Fearlessness is a key trait for business founders in any industry. It’s a quality that shouldn’t be overlooked.

“Just do it!” Almost every startup founder I interviewed for The Australian’s series on expat entrepreneurs had the same advice for budding entrepreneurs wanting to go global – don’t wait, just do it.

Peter Grant of Brisbane founded Safesite did though inject a slightly different view when he pointed out that it may not make sense for a company with a good domestic business to make the move, “If it’s going to be too complex or you already have a profitable business in Australia you may not need to come to the US, you have to be realistic about it.
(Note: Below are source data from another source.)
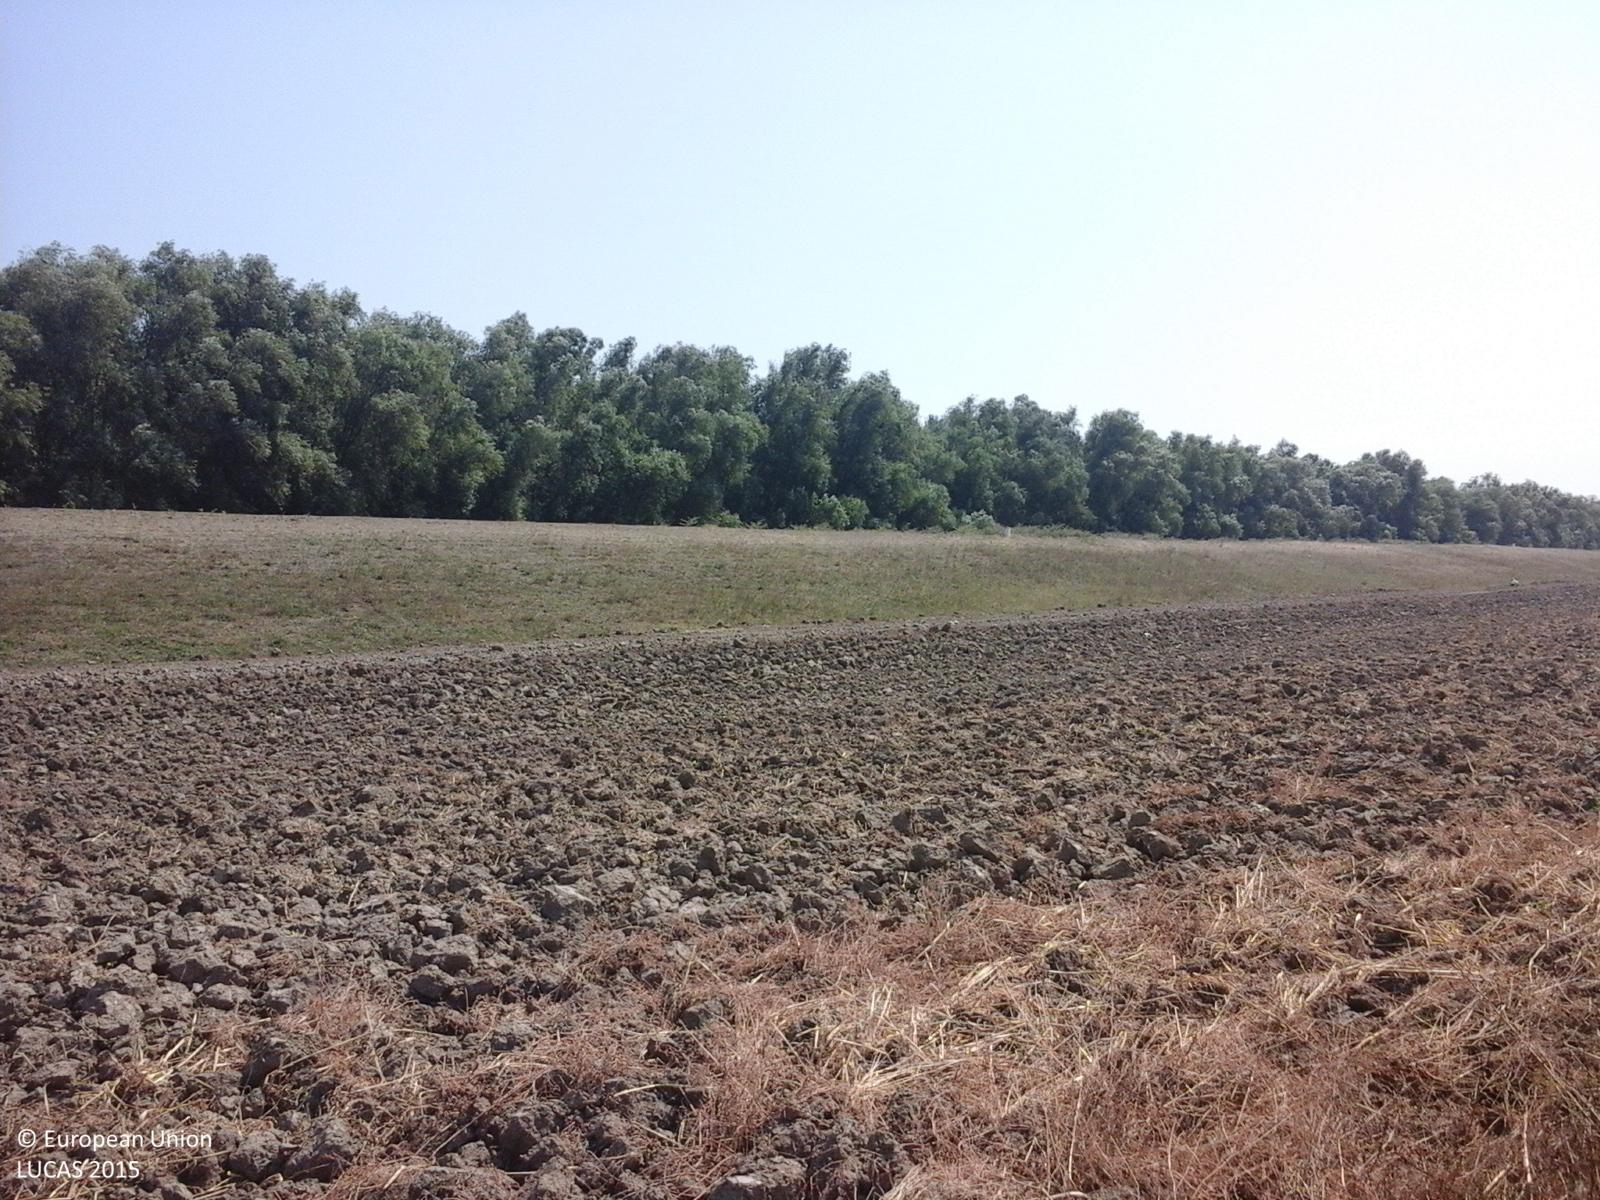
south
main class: Cropland
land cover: Lucerne
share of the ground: > 75 %
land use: Agriculture (excluding fallow land and kitchen gardens)
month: August
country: RO
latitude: 45.1299
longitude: 28.1612
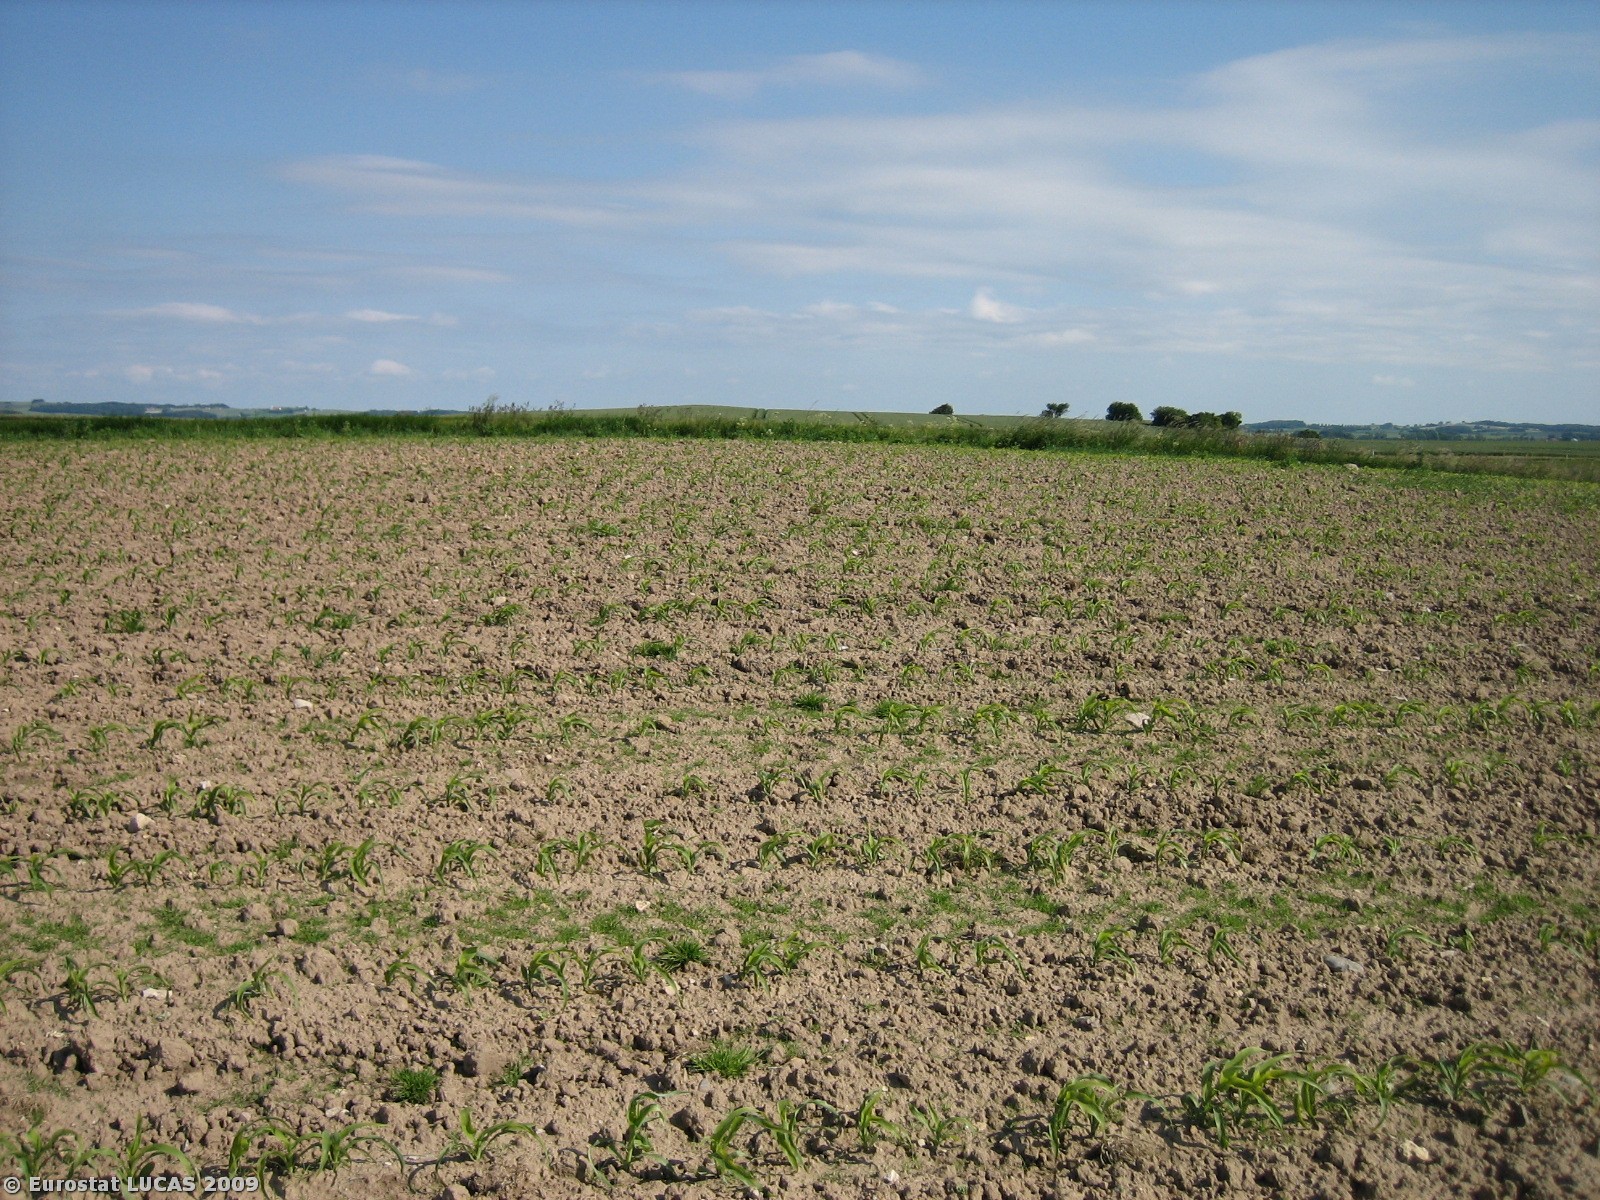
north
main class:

It might make sense to find a local partner.”

In Peter’s case though that move made sense. “We have a year on our competitors,” he notes.

Not being scared of making the move was part of a discussion I had with TechnologyOne founder Adrian DiMarco today, I’d previously interviewed Adrian for Business Spectator a few years back and it was good to hear his views on the current startup mania and the Australian innovation push.
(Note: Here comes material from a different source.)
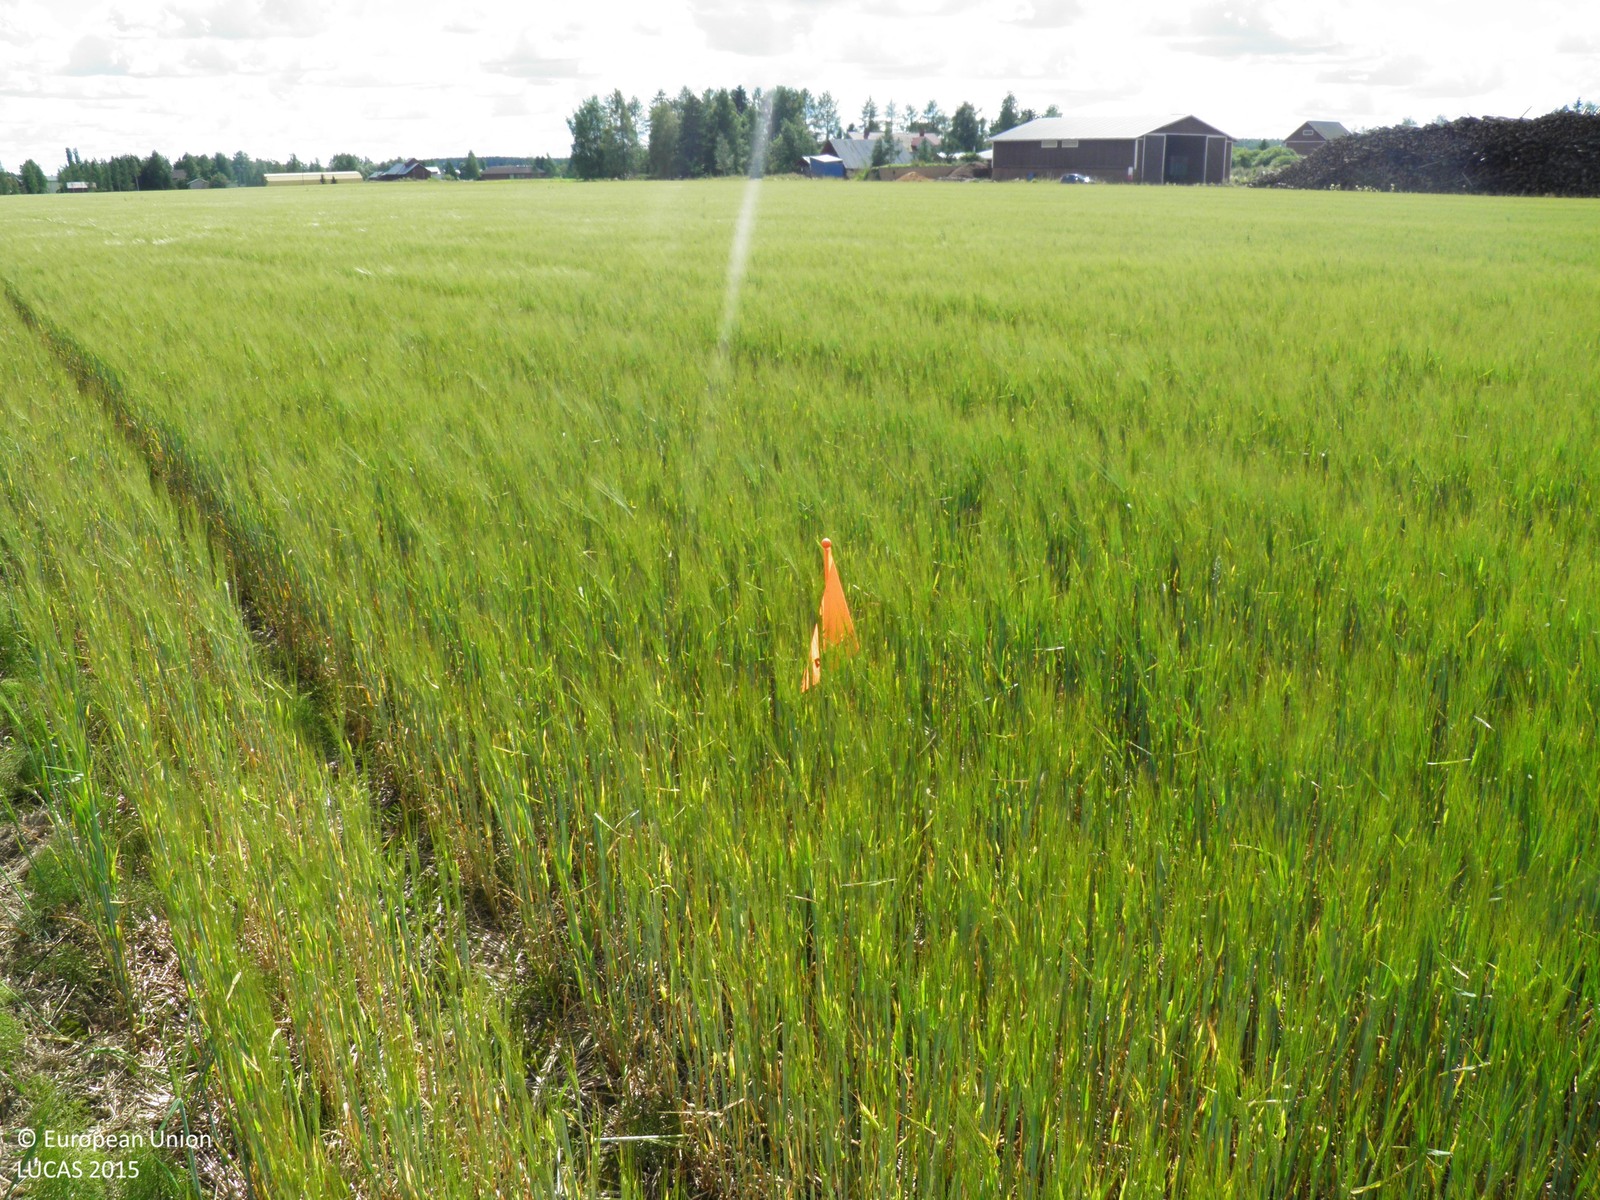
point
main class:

One of the points DiMarco made was about not being scared when launching a venture, whether it’s the competition, the marketplace or the overall daunting task of running a business, being fearless is a key attribute to making the first steps, not just success.

That fearlessness is something that should be acknowledged about business founders, whether it’s a tech startup, dog walking service or donut franchise. Every single proprietor is taking a great leap.